By default, I am a Pentecostal Christian. I never questioned it growing up because I trusted my parents and I liked my church and the friends I had there. What I saw and learned made sense in the little Grand Rapids world that I knew. The conservative values and Christian faith fit in the mold of conservative West Michigan. I am still a Pentecostal Christian involved with an Assembly of God church because I studied and experienced the charismatic tradition on my own as an adult and I believe “being led by the Holy Spirit” brought me through every decision (good or bad) since leaving the “default” zone of my parents’ home.

RULE FOLLOWER
Much of my spiritual journey can be traced to an interesting characteristic. I am a rule follower. Something inside me forces me to do things (except the speed limit) by the book. Part of that is the influence of my parents. In the Chapman house, there was no dating until college, no movies, no secular music, no Halloween, no school dances. Drinking, smoking and drugs were on the unspoken list. Some might call this upbringing naïve or sheltered. I used to call it that until I thought about it. In retracing these steps, I realized that my life wasn’t sheltered in a negative sense, but in a positive sense. My life has been protected.

I can almost trace my decision for rule following to one night in junior high. I lied to my parents about going to a school dance. I was caught the same night. The expressions on their faces and their words of disappointment did me in for life. I made the decision right then to never lie to them again. And I haven’t. For real. How is a good question? I do not think that I could carry out a decision like that as a teenager without something or someone else at work in my life. I believe as my charismatic tradition informs me that it is the Spirit of Jesus at work in me, God’s child, to live out a life worthy of Jesus’ sacrifice for the glory of God.
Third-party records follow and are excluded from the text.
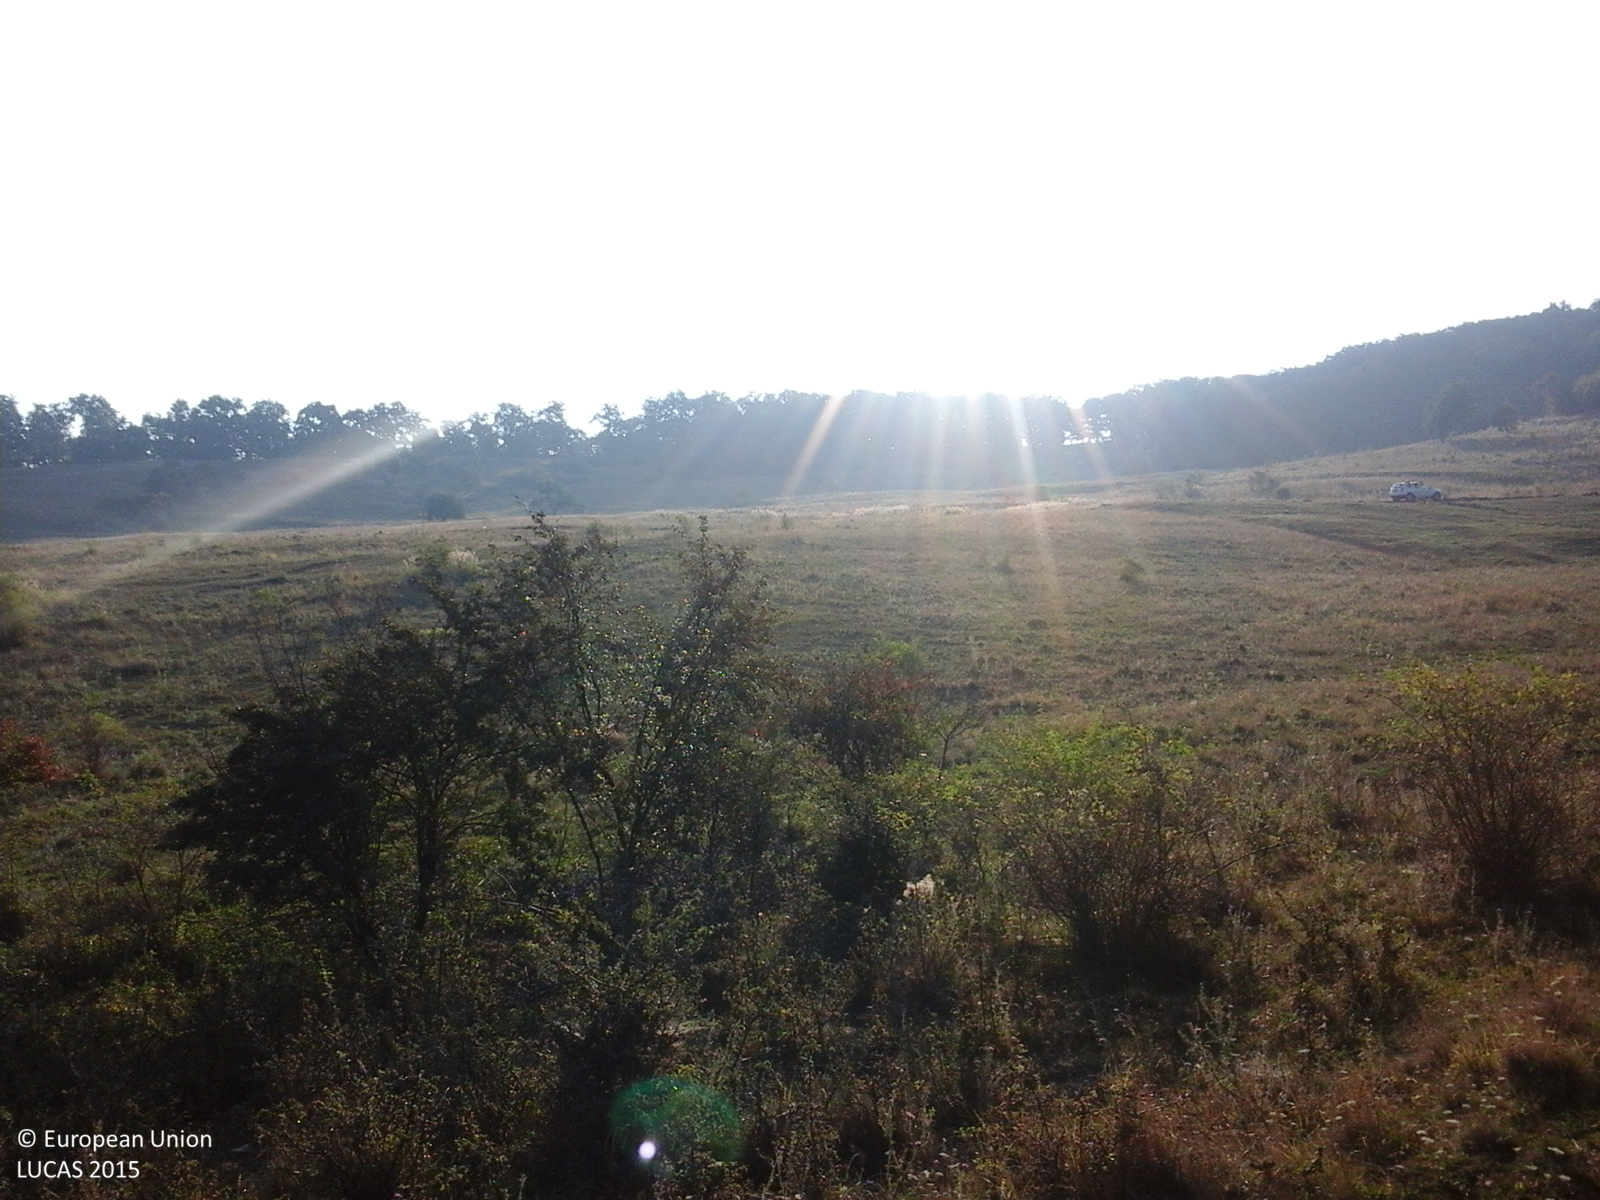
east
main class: Grassland
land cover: Grassland with sparse tree/shrub cover
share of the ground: > 75 %
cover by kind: herbaceous plants 95 %, broadleaved forest trees 5 %
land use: Fallow land
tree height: < 5 m
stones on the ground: < 10 %
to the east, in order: Grassland with sparse tree/shrub cover; Abandoned hedges; Grassland without tree/shrub cover; Tracks; Grassland without tree/shrub cover; Grassland with sparse tree/shrub cover
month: September
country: RO
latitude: 47.0529
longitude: 24.5322

I think my parents knew what growing up without protection was like. They didn’t allow that for their children. More important than the rules they established in their house was the prayer. Every morning from Kindergarten to 12th grade, before we walked out the door for school, my parents prayed for us with us. “Dear heavenly father, we love you. You are to be praised. Be with these children today. Keep them safe. Let them be your light to the world, to bring glory to name. Amen.” How clearly I hear those words. Every morning for 13 years. I am convinced that is how my parents raised three children who only very occasionally got in trouble, never rebelled and are all serving God in various vocations. I am convinced that my journey, living by the book, by God’s word, goes back to the protection of the Spirit and the audible prayers of my parents.

FORTY-FIVE MINUTES AWAY
Something in me wanted to move away from home and West Michigan for college. I ended up 45 minutes from home at Hope College in Holland, Mich. The most western part of Western Michigan. Even more Dutch people, including my roommate Jennifer, born and raised in Holland herself. A four-year private liberal arts college, Hope is affiliated with the Reformed Church of American (RCA). It is a conservative Christian college. It offered me the most financial aid. It was absolutely where I needed to be.

My faith finally proved to be my own in one my final courses at Hope, my senior seminar on pluralism. There I discovered a classroom of Hope students that could not say or did not want to say that confession of Jesus as Savior was the only means of salvation. I mistakenly thought the course would be more apologetics, rather than it be non-apologetics. For all the tears I shed in that class, that class was the key to my awakening. There were Christians in the world that thought other religions were just as valid for eternal salvation. That was news to me. My West Michigan church bubble popped. My faith in Jesus, my perspective on the church, my belief in who God was – everything I had been taught was challenged. It all suddenly needed to become my own. And it did. I learned to stand on my own two Christian feet in that class. I graduated in December 1997. One month later I moved to Nashville, Tenn.